Deep learning study on the mechanism of edge artifacts in point spread function reconstruction for numerical brain images.

作者信息

Shinohara Hiroyuki, Hori Kensuke, Hashimoto Takeyuki

机构信息

Faculty of Health Sciences, Tokyo Metropolitan University, 7-2-10, Higasi-ogu, Arakawa-ku, Tokyo, 116-8551, Japan.

Department of Radiology, Showa University Fujigaoka Hospital, 1-30, Fujigaoka, Yokohama-shi, 227-8501, Japan.

出版信息

Ann Nucl Med. 2023 Nov;37(11):596-604. doi: 10.1007/s12149-023-01862-9. Epub 2023 Aug 23.

DOI:10.1007/s12149-023-01862-9
PMID:37610591
Abstract

OBJECTIVE

Non-blinded image deblurring with deep learning was performed on blurred numerical brain images without point spread function (PSF) reconstruction to obtain edge artifacts (EA)-free images. This study uses numerical simulation to investigate the mechanism of EA in PSF reconstruction based on the spatial frequency characteristics of EA-free images.

METHODS

In 256 × 256 matrix brain images, the signal values of gray matter (GM), white matter, and cerebrospinal fluid were set to 1, 0.25, and 0.05, respectively. We assumed ideal projection data of a two-dimensional (2D) parallel beam with no degradation factors other than detector response blur to precisely grasp EA using the PSF reconstruction algorithm from blurred projection data.

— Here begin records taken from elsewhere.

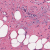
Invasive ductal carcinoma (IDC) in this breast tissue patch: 0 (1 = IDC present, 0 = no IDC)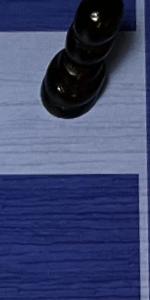
Label: Empty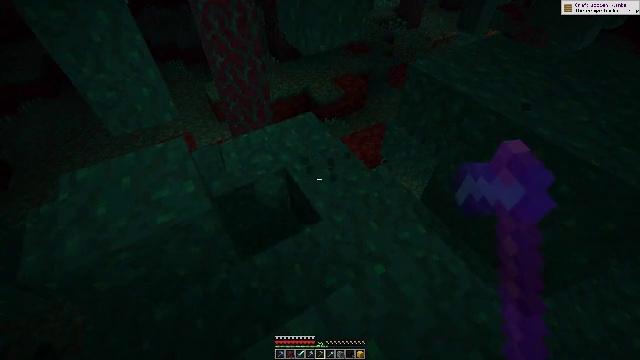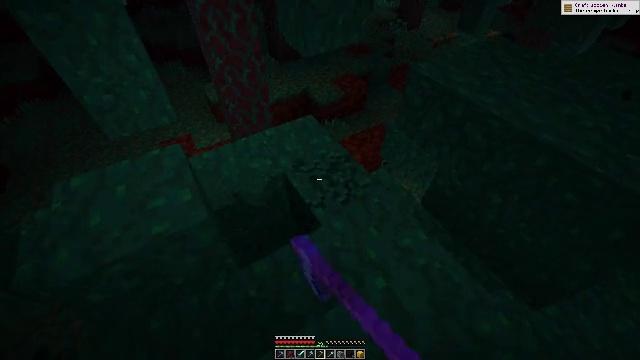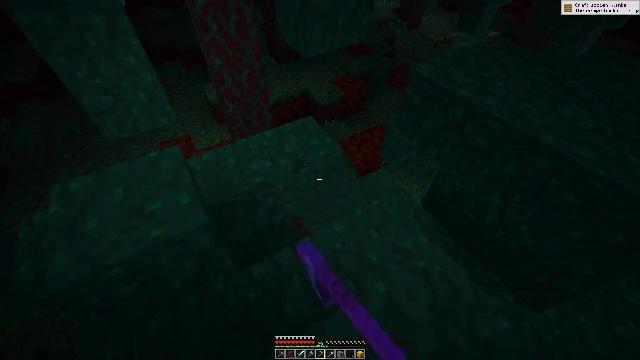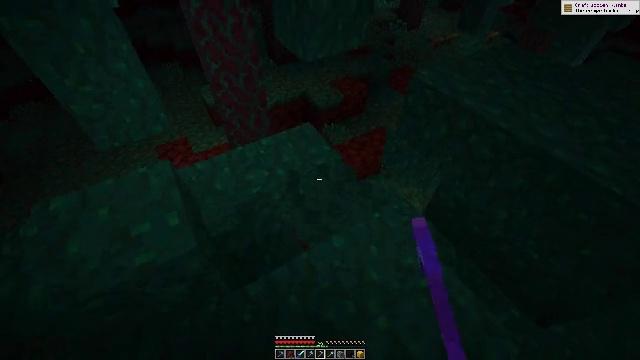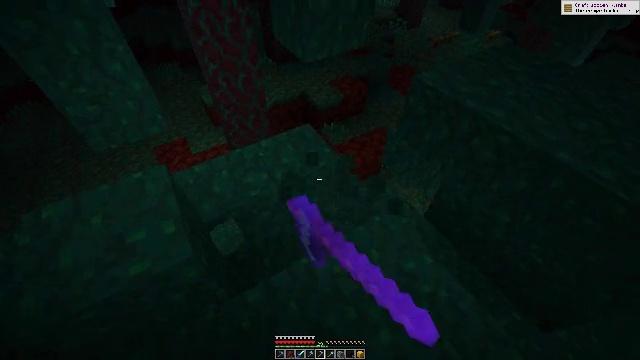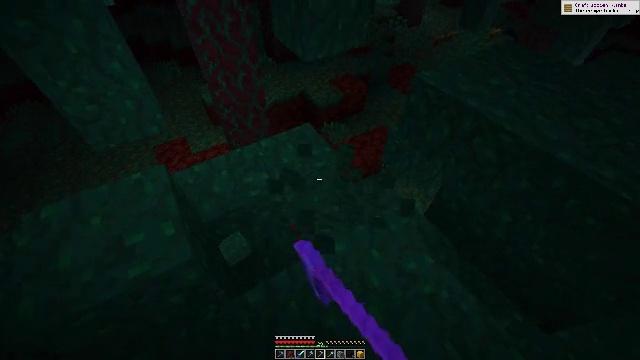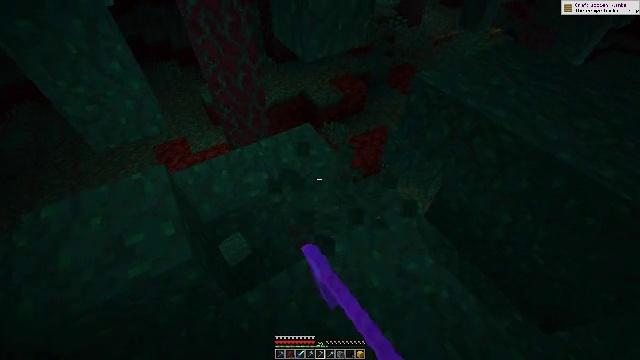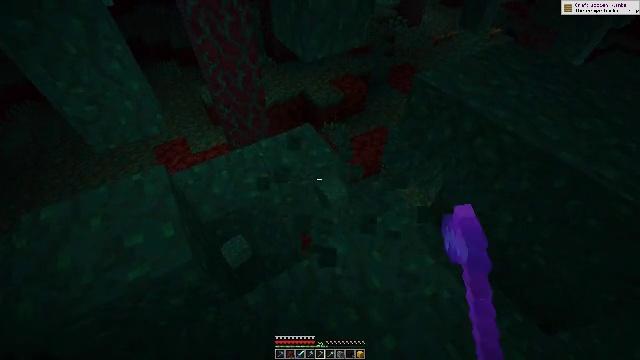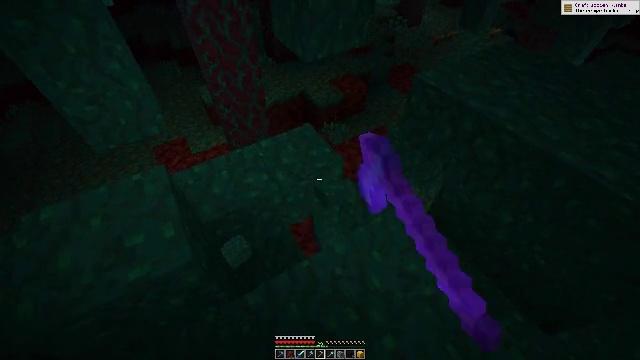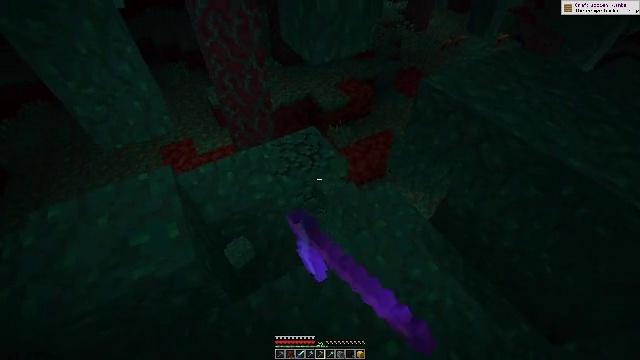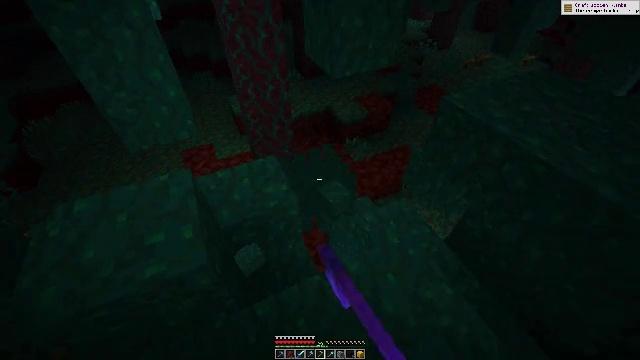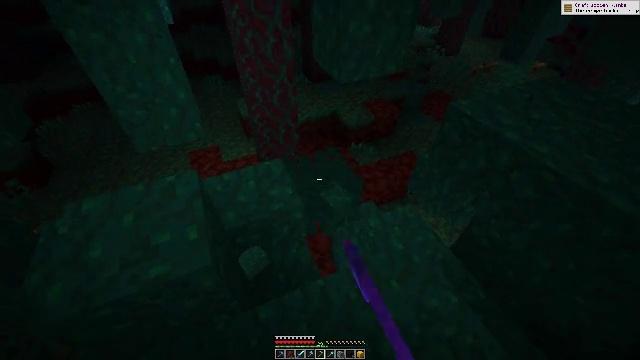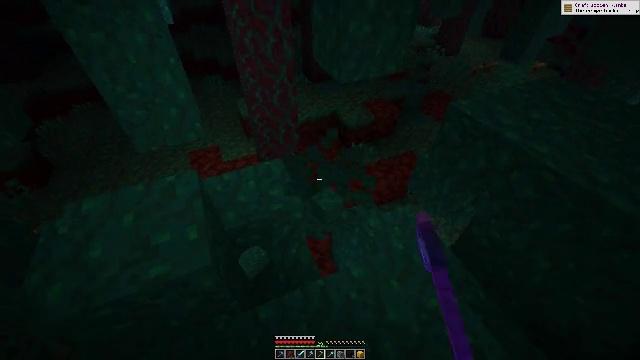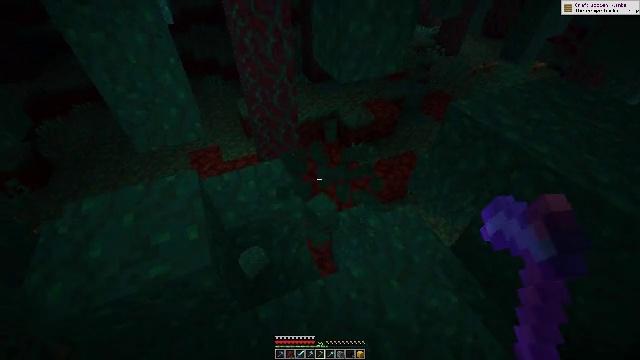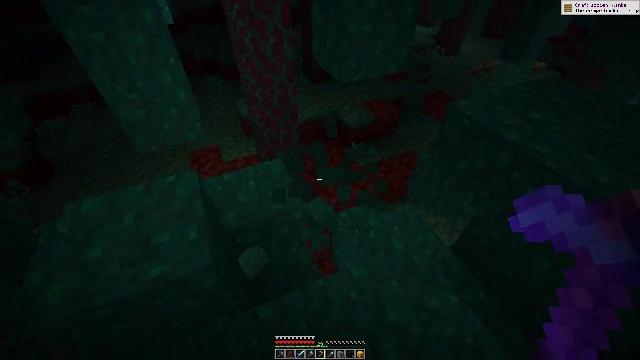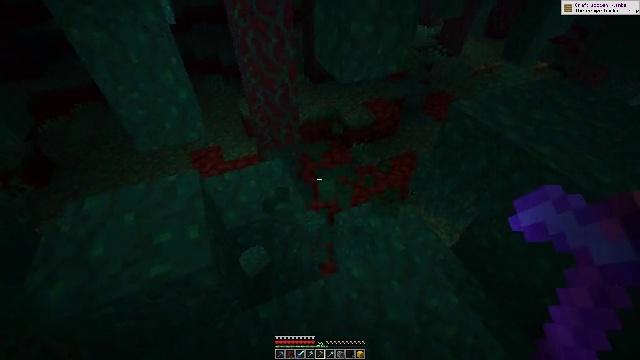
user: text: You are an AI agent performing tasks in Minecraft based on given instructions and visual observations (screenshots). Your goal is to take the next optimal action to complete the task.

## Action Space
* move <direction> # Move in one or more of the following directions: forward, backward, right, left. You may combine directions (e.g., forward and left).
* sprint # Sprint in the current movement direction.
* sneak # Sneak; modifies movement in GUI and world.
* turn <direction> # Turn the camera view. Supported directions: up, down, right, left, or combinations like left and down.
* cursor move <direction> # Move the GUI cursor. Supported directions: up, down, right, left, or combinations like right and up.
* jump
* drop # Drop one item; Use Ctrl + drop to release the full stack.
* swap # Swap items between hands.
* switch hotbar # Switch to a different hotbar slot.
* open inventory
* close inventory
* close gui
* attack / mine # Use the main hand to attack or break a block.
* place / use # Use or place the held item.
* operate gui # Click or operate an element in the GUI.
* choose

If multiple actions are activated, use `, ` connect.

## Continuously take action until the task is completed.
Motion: motion action
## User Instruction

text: Mine warped wart block.
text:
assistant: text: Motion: move forward, attack / mine
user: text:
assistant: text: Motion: move forward, attack / mine
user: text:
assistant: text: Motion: attack / mine
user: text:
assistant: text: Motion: attack / mine
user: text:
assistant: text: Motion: attack / mine
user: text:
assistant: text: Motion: attack / mine
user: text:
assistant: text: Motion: attack / mine
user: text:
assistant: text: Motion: attack / mine
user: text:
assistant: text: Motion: turn left, attack / mine
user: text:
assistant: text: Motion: turn left and up, attack / mine
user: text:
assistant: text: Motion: turn left, attack / mine
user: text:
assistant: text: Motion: attack / mine
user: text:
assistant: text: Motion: attack / mine
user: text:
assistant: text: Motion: attack / mine
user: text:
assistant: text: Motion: attack / mine
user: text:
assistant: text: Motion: turn left, attack / mine
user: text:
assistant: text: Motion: turn left and down, attack / mine
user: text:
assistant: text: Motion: turn left and down, attack / mine
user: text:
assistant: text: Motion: attack / mine
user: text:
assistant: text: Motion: attack / mine
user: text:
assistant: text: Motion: attack / mine
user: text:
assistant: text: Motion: attack / mine
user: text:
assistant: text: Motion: attack / mine
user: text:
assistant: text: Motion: attack / mine
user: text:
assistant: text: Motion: turn left and down, attack / mine
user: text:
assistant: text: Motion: turn left and down, attack / mine
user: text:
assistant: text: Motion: turn down, attack / mine
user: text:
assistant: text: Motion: attack / mine
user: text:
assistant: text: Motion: attack / mine
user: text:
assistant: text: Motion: attack / mine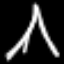
Label: The Eiffel Tower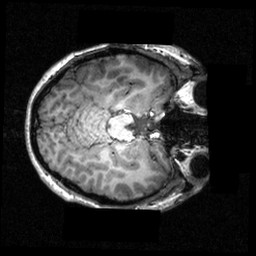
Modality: T1w
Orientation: axial
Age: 18
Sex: female
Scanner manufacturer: siemens
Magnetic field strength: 3.951 T
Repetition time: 1.5 s
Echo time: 0.00335 s
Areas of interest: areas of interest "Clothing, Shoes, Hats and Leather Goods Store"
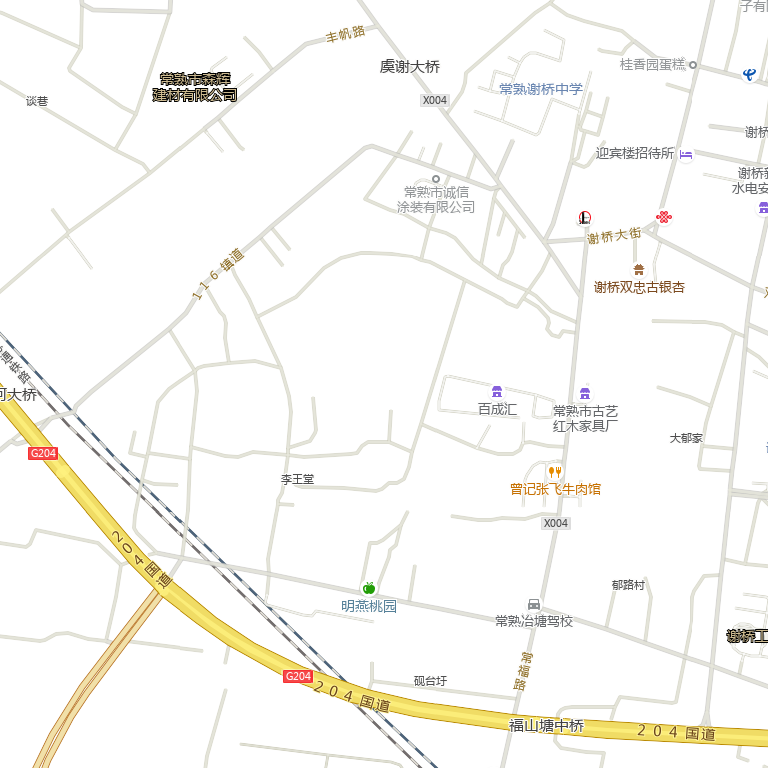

The detector response was assumed to be a shift-invariant and one-dimensional (1D) Gaussian function with 2-5 mm full width at half maximum (FWHM). Images without PSF reconstruction (non-PSF), PSF reconstruction without regularization (PSF) and with regularization of relative difference function (PSF-RD) were generated by ordered subset expectation maximization (OSEM). For non-PSF, the image deblurring with a deep image prior (DIP) was applied using a 2D Gaussian function with 2-5 mm FWHM. The 1D object-specific modulation transfer function (1D-OMTF), which is the ratio of 1D amplitude spectrum of the original and reconstructed images, was used as the index of spatial frequency characteristics.

RESULTS

When the detector response was greater than 3 mm FWHM, EA in PSF was observed in GM borders and narrow GM. No remarkable EA was observed in the DIP, and the FWHM estimated from the recovery coefficient for the deblurred image of non-PSF at 5 mm FWHM was reduced to 3 mm or less. PSF of 5 mm FWHM showed higher spatial frequency characteristics than that of DIP up to around 2.2 cycles/cm but was lower than the latter after 3 cycles/cm. PSF-RD showed almost the same spatial frequency characteristics as that of DIP above 3 cycles/cm but was inferior below 3 cycles/cm. PSF-RD has a lower spatial resolution than DIP.

CONCLUSIONS

Unlike DIP, PSF lacks high-frequency components around the Nyquist frequency, generating EA. PSF-RD mitigates EA while simultaneously suppressing the signal, diminishing spatial resolution.

摘要

目的

在不进行点扩散函数(PSF)重建的情况下,对模糊的数字脑图像进行深度学习非盲图像去模糊处理,以获得无边缘伪影(EA)的图像。本研究利用数值模拟,基于无EA图像的空间频率特性,探讨PSF重建中EA的机制。

方法

在256×256矩阵脑图像中,将灰质(GM)、白质和脑脊液的信号值分别设为1、0.25和0.05。我们假设二维(2D)平行光束的理想投影数据,除探测器响应模糊外无其他退化因素,以便使用从模糊投影数据中重建PSF的算法精确掌握EA。探测器响应假定为半高宽(FWHM)为2 - 5毫米的平移不变一维(1D)高斯函数。通过有序子集期望最大化(OSEM)生成无PSF重建的图像(非PSF)、无正则化的PSF重建图像(PSF)以及相对差异函数正则化的PSF重建图像(PSF - RD)。对于非PSF,使用FWHM为2 - 5毫米的二维高斯函数通过深度图像先验(DIP)进行图像去模糊处理。将一维特定对象调制传递函数(1D - OMTF),即原始图像和重建图像的一维振幅谱之比,用作空间频率特性指标。

结果

当探测器响应的FWHM大于3毫米时,在GM边界和狭窄GM区域观察到PSF中的EA。在DIP中未观察到明显的EA,并且对于非PSF去模糊图像,在5毫米FWHM下从恢复系数估计的FWHM降低到3毫米或更小。5毫米FWHM的PSF在约2.2周期/厘米之前显示出比DIP更高的空间频率特性,但在3周期/厘米之后低于DIP。PSF - RD在3周期/厘米以上显示出与DIP几乎相同的空间频率特性,但在3周期/厘米以下较差。PSF - RD的空间分辨率低于DIP。

结论

与DIP不同,PSF在奈奎斯特频率附近缺乏高频成分,从而产生EA。PSF - RD减轻了EA,同时抑制了信号,降低了空间分辨率。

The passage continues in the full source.